Schliesslich gab die Musikerin Ines Florin ein paar Details zum Hafenfest im Sommer bekannt. Dieses startet am Freitag, 4. Juli, und dauert bis Sonntag, 6. Juli. Gefeiert wird beidseits der Limmat. «Beim Central ist bereits die salzige Luft zu riechen. Es gibt Fischsuppe und ein Boule-Turnier auf dem Lindenhof.» Des Weiteren geplant sind: Tanz und Theater auf und am Wasser, Gaukler, Marktfahrer und Seebären. «Zürich soll für einmal Genua, Hongkong und New York sein», sagte Florin.

Seit 2009 stehen am Quai entlang der Limmat fünf gusseiserne Hafenpoller, Vorboten des Projekts Zürich Transit Maritim. Und mindestens so lange schon streiten Fans und Gegner leidenschaftlich über die nun rund 700'000 Franken teure Kunstaktion. Gegen den Hafenkran wurden 6000 Unterschriften gesammelt, und bei jeder Gelegenheit wurde im Rathaus gewettert. Der Stadtrat «verschandle» den öffentlichen Raum, verschwende Steuergeld und brüskiere die Bevölkerung, sagte etwa SVP-Stadtratskandidat Roland Scheck. Es half alles nichts. Über die Volksinitiative «Hafenkräne – Nein», welche das Aufstellen nicht effektiv von der Zürichsee- und Limmatschifffahrt benötigter Hafeninfrastruktur verbieten will, wird frühestens dann abgestimmt, wenn der Hafenkran schon steht.
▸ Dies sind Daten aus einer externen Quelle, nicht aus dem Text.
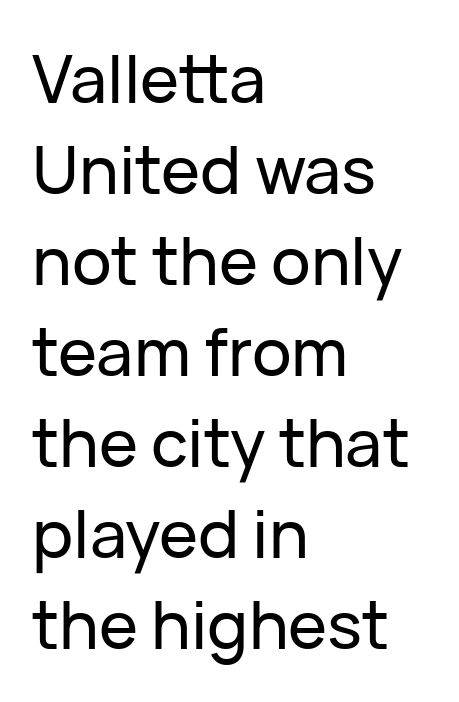
The image shows 66 px sans-serif type, upright; set left-aligned, normal line spacing (1.38x), normal letter spacing, not underlined; low stroke contrast and a medium x-height.
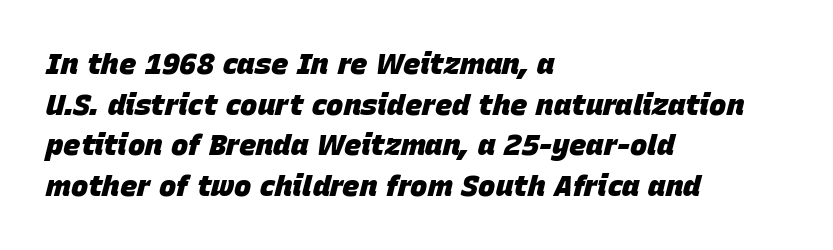
The image shows 29 px heavy type, italic (leaning right); set left-aligned, normal line spacing (1.4x), normal letter spacing, not underlined; low stroke contrast and a large x-height.
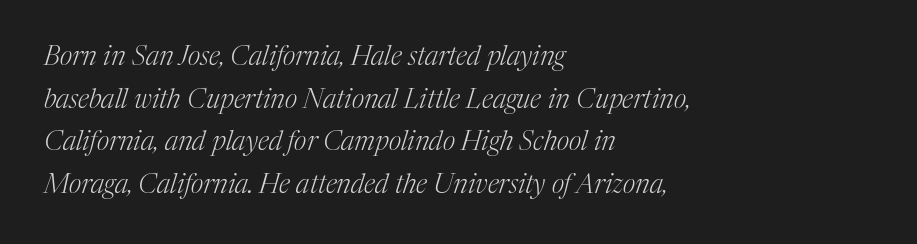
Q: Is the text bold? A: No.
Q: Is the text italic (slanted)? A: Yes, it leans right by about 17 degrees.
Q: Is the text underlined? A: No.
Q: How is the paragraph aligned? A: Left-aligned.
Q: Is the spacing between letters normal or unusually wide? A: Normal.
Q: Is the spacing between lines tight, normal or loose? A: Normal.
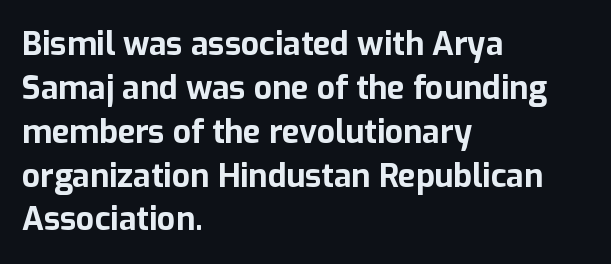
{"serif": "no", "italic": "no", "bold": "yes", "weight": "bold", "width": "normal", "stroke_contrast": "low", "x_height": "medium", "monospaced": "no", "underline": "no", "align": "left", "line_spacing": "normal", "line_spacing_ratio": 1.37, "letter_spacing": "normal", "letter_spacing_em": 0.0, "glyph_px": 32}
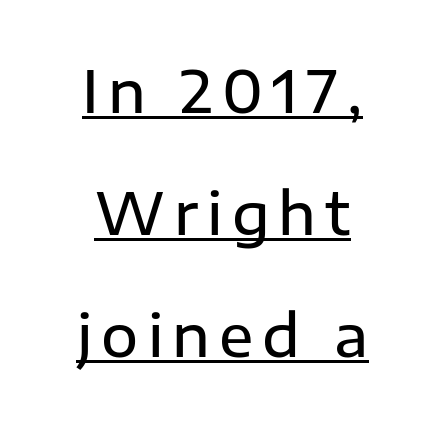
A sans-serif font was chosen for this passage. Every word sits above its own underline. Posture: vertical. In terms of weight, the rendering is demibold, just under bold. Think of a printed novel: that variable character pitch is what you see here.

Gut möglich aber, dass es jetzt gar nie zum Urnengang kommt. «Wir überlegen uns, die Initiative zu stoppen», sagt FDP-Gemeinderätin Tamara Lauber vom Gegnerkomitee. «Wenn der Hafenkran steht, macht der Kampf dagegen keinen Sinn mehr.» Es sei klar, dass der Stadtrat mit seinem angekündigten Gegenvorschlag auf Zeit spiele, sagt die Freisinnige. Auf die 6000 Unterschriften gegen die Kunstaktion ist sie dennoch stolz: «Die Bevölkerung hat damit zum Ausdruck gebracht, dass sie diesen Hafenkran nicht will.» Es sei bedauerlich, dass der Stadtrat dem nicht Rechnung trage und die Abstimmung unnötig verzögere.